The prior distribution is uniform within the specified parameter bounds. If any parameter is outside of its bounds, the prior is \(-\infty\). Otherwise, the prior is 0.0 (uniform).

The posterior probability is given by the sum of the log prior and log likelihood functions.

\[ln(P) = ln(L) + ln(prior)\]

Parameter estimates¶

Parameter estimates are the means of posterior probability distributions.

Parameter uncertainty¶

Parameter uncertainties are estimated by numerically integrating the posterior probability distributions.

Options¶

num_walkers: number of MCMC walkers
initial_walker_spread: how much to spread out the inital walkers
ml_guess: whether or not to start the sampler from the ML guess
num_steps: number of steps each walker should take
burn_in: fraction of initial samples to discard from the sampler
num_threads: number of threads to use (not yet implemented)

Bootstrap¶

pytc.fitters.BootstrapFitter.

Samples from experimental uncertainty in each heat and then peforms unweighted least-squares regression on each pseudoreplicate using scipy.optimize.least_squares. The residuals function is:

\[\vec{r} = \vec{q}_{obs} - \vec{q}_{calc}(\vec{\theta})\]

where \(\vec{q}_{obs}\) is a vector of the observed heats and \(\vec{q}_{calc}(\vec{\theta})\) is a vector of heats observed with fit paramters \(\vec{\theta}\).

This uses the robust Trust Region Reflective method for the nonlinear regression.

Parameter estimates¶

Parameter estimates are the means of bootstrap pseudoreplicate distributions.

Parameter uncertainty¶

Parameter uncertainties are estimated by numerically integrating the bootstrap pseudoreplicate distributions.

Options¶

num_bootstrap: number of bootstrap replicates
perturb_size: how much to perturb each heat for random sampling
exp_err: use experimental estimates of heat uncertainty. (overrides perturb_size.
verbose: how verbose to be during the fit

Least-squares regression¶

pytc.fitters.MLFitter.

Weighted least-squares regression using scipy.optimize.least_squares. The residuals function is:

\[\vec{r} = \frac{\vec{q}_{obs} - \vec{q}_{calc}(\vec{\theta})}{\vec{\sigma}_{obs}}\]

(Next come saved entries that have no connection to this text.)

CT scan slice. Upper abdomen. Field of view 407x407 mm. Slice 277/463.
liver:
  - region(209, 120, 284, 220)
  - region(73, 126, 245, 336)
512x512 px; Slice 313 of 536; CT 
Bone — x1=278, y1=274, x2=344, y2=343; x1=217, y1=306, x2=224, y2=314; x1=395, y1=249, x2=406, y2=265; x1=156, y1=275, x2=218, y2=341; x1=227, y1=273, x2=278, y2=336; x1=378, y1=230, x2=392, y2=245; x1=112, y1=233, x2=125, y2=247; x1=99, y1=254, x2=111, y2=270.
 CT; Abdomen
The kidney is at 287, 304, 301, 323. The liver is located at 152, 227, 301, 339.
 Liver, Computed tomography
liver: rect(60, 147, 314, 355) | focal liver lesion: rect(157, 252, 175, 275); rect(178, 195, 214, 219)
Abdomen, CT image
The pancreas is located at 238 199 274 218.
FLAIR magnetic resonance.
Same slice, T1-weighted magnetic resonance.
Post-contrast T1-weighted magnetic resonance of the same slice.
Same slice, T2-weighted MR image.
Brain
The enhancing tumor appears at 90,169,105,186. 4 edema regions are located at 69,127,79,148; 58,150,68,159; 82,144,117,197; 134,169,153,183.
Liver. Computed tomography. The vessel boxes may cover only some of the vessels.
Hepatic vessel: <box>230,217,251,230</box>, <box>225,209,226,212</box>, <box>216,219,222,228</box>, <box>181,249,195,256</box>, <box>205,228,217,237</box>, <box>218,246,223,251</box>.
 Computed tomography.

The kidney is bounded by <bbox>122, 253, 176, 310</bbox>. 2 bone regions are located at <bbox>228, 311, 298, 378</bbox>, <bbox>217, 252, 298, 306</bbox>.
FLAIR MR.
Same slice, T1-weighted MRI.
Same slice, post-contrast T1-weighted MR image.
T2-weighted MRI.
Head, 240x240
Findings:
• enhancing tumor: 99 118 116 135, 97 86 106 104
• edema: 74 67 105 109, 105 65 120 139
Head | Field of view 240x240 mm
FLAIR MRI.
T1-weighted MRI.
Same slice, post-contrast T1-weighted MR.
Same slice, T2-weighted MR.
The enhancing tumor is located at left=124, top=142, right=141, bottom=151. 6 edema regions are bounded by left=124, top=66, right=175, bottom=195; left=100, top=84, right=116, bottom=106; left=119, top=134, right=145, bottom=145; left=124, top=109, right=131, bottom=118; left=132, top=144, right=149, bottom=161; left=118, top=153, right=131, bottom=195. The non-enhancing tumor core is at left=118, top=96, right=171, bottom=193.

where \(\vec{q}_{obs}\) is a vector of the observed heats, \(\vec{q}_{calc}(\vec{\theta})\) is a vector of heats observed with fit paramters \(\vec{\theta}\), and \(\vec{\sigma}_{obs}\) are the uncertainties on each fit.

This uses the robust Trust Region Reflective method for the nonlinear regression.

Parameter estimates¶

The parameter estimates are the maximum-likelihood parameters returned by scipy.optimize.least_squares.

Parameter uncertainty¶

We first approximate the covariance matrix \(\Sigma\) from the Jacobian matrix \(J\) estimated by scipy.optimize.least_squares:

\[\Sigma \approx [2(J^{T} \cdot J)]^{-1}\]

We can then determine the standard deviation on the parameter estimates \(\sigma\) by taking the square-root of the diagonal of \(\Sigma\):

\[\sigma = \sqrt(diag(\Sigma))\]

Ninety-five percent confidence intervals are estimated using the Z-score assuming a normal parameter distribution with the mean and standard deviations determined above.

Warning

Going from \(J\) to \(\Sigma\) is an approximation. This is susceptible to numerical problems and may not always be reliable. Use common sense on your fit errors or, better yet, do Bayesian integration!